The answer should hold only the lines from the one containing "Invasive ductal carcinoma (IDC) in this breast tissue patch: 1" through the one containing "H&E-stained tissue: Tonsil" in the entries below, copied exactly, without pictures.

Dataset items
--------

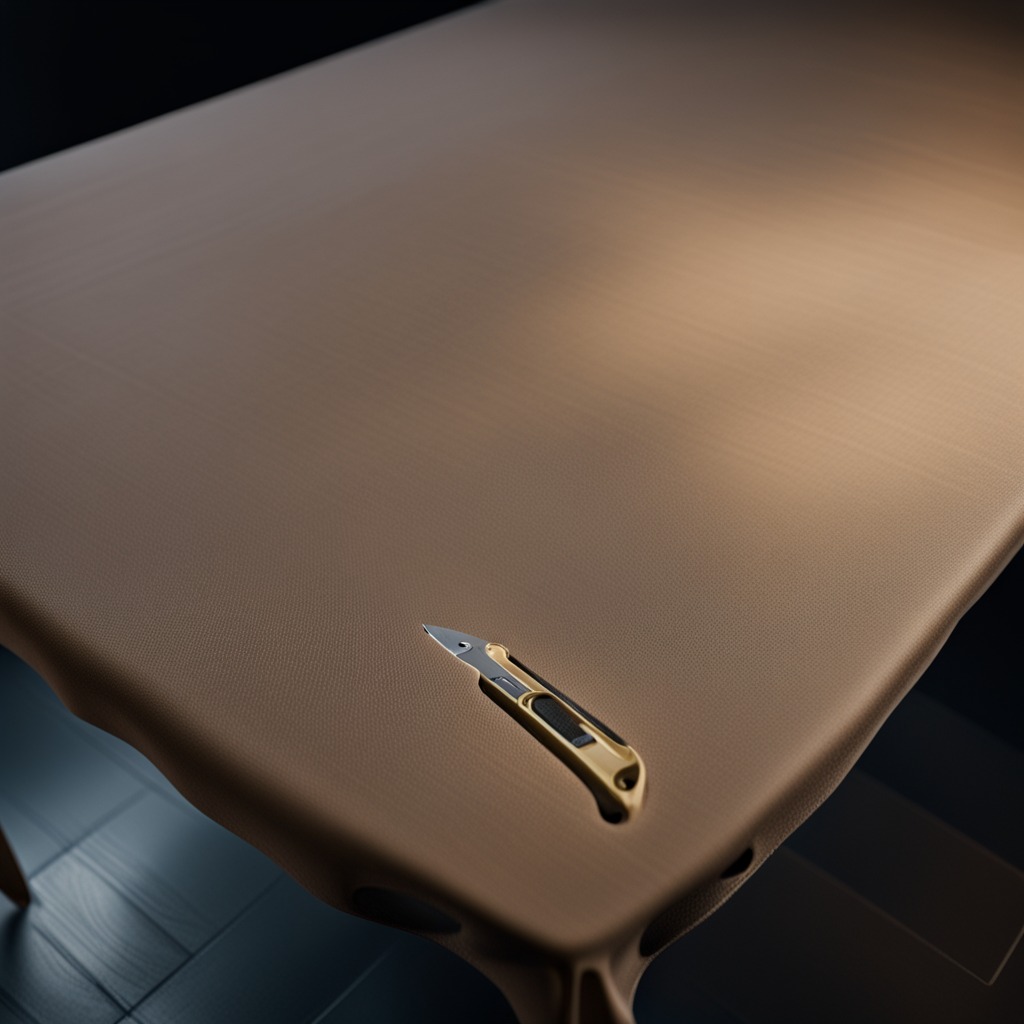
A utility knife is lying on the wooden table.
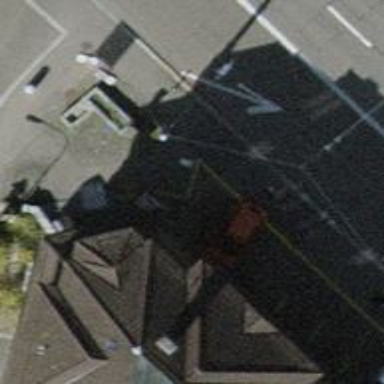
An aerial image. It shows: Post box.
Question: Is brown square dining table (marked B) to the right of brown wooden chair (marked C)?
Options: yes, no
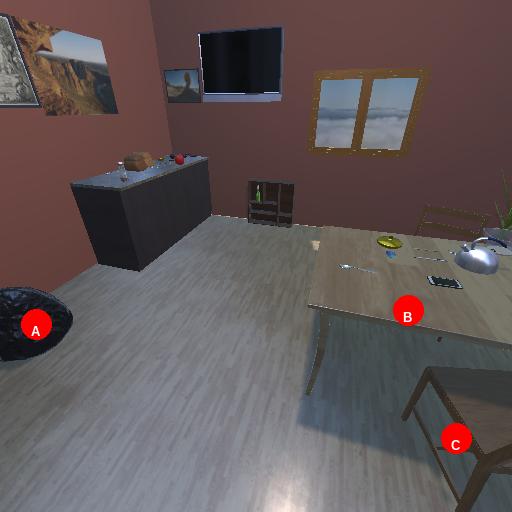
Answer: yes
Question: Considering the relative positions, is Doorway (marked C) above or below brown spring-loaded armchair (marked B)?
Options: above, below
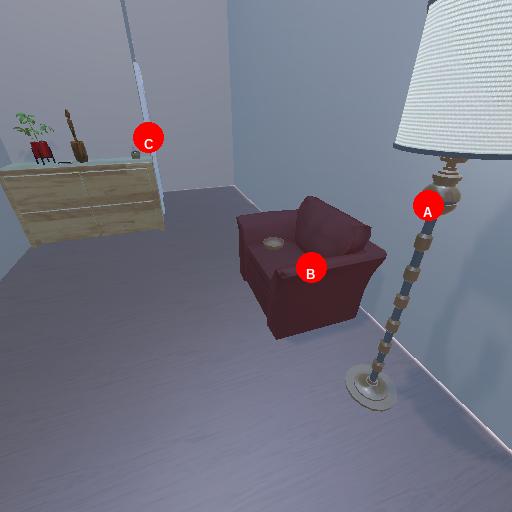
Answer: above
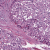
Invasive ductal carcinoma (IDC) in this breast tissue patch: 1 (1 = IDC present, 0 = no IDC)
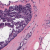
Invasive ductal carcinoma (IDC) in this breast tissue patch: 0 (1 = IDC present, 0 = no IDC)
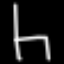
Label: chair
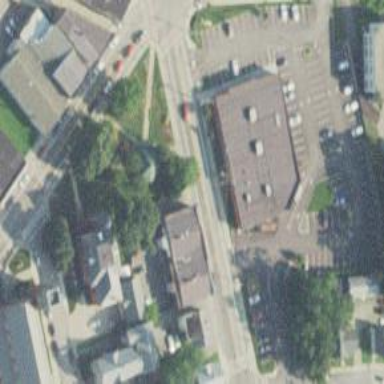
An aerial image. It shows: Pharmacy providing healthcare services.
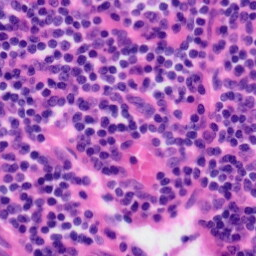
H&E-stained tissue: Tonsil
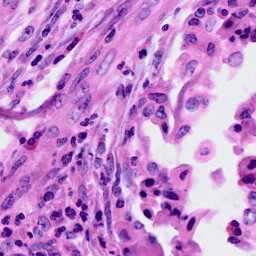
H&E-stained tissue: Cervix
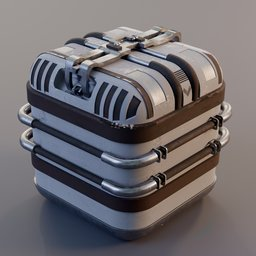
Label: tools
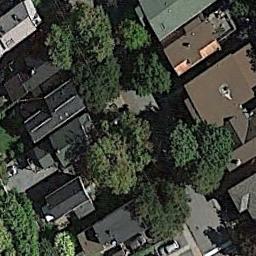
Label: medium_residential
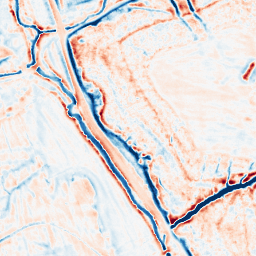
Category: edge_preserving
Decomposition family: bilateral
Decomposition parameters: d: 15
sigma_color: 150
sigma_space: 50
Upsampling method: linear_exact
Upsampling parameters: scale: 4
Upsampling scale: 4
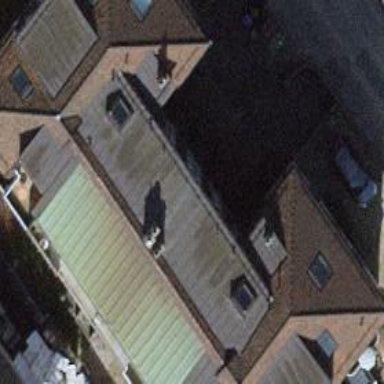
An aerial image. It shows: Hipped roof apartment building.
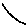
Label: line
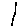
Label: line
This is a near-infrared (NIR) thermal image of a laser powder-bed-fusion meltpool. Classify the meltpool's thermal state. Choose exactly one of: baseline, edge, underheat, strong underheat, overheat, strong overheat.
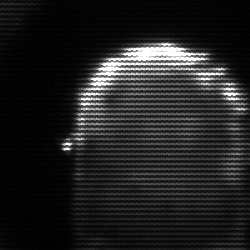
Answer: baseline
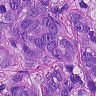
Metastatic tissue present: yes
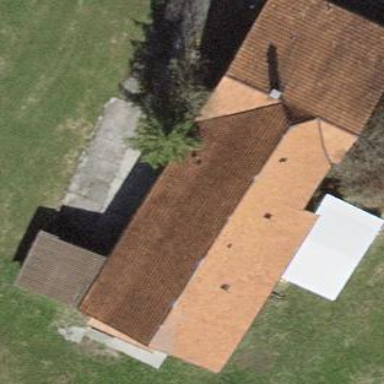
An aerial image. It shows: Farm building.
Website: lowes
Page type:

--------

→ **Reply to the exercise**
Invasive ductal carcinoma (IDC) in this breast tissue patch: 1 (1 = IDC present, 0 = no IDC)
Invasive ductal carcinoma (IDC) in this breast tissue patch: 0 (1 = IDC present, 0 = no IDC)
Label: chair
An aerial image. It shows: Pharmacy providing healthcare services.
H&E-stained tissue: Tonsil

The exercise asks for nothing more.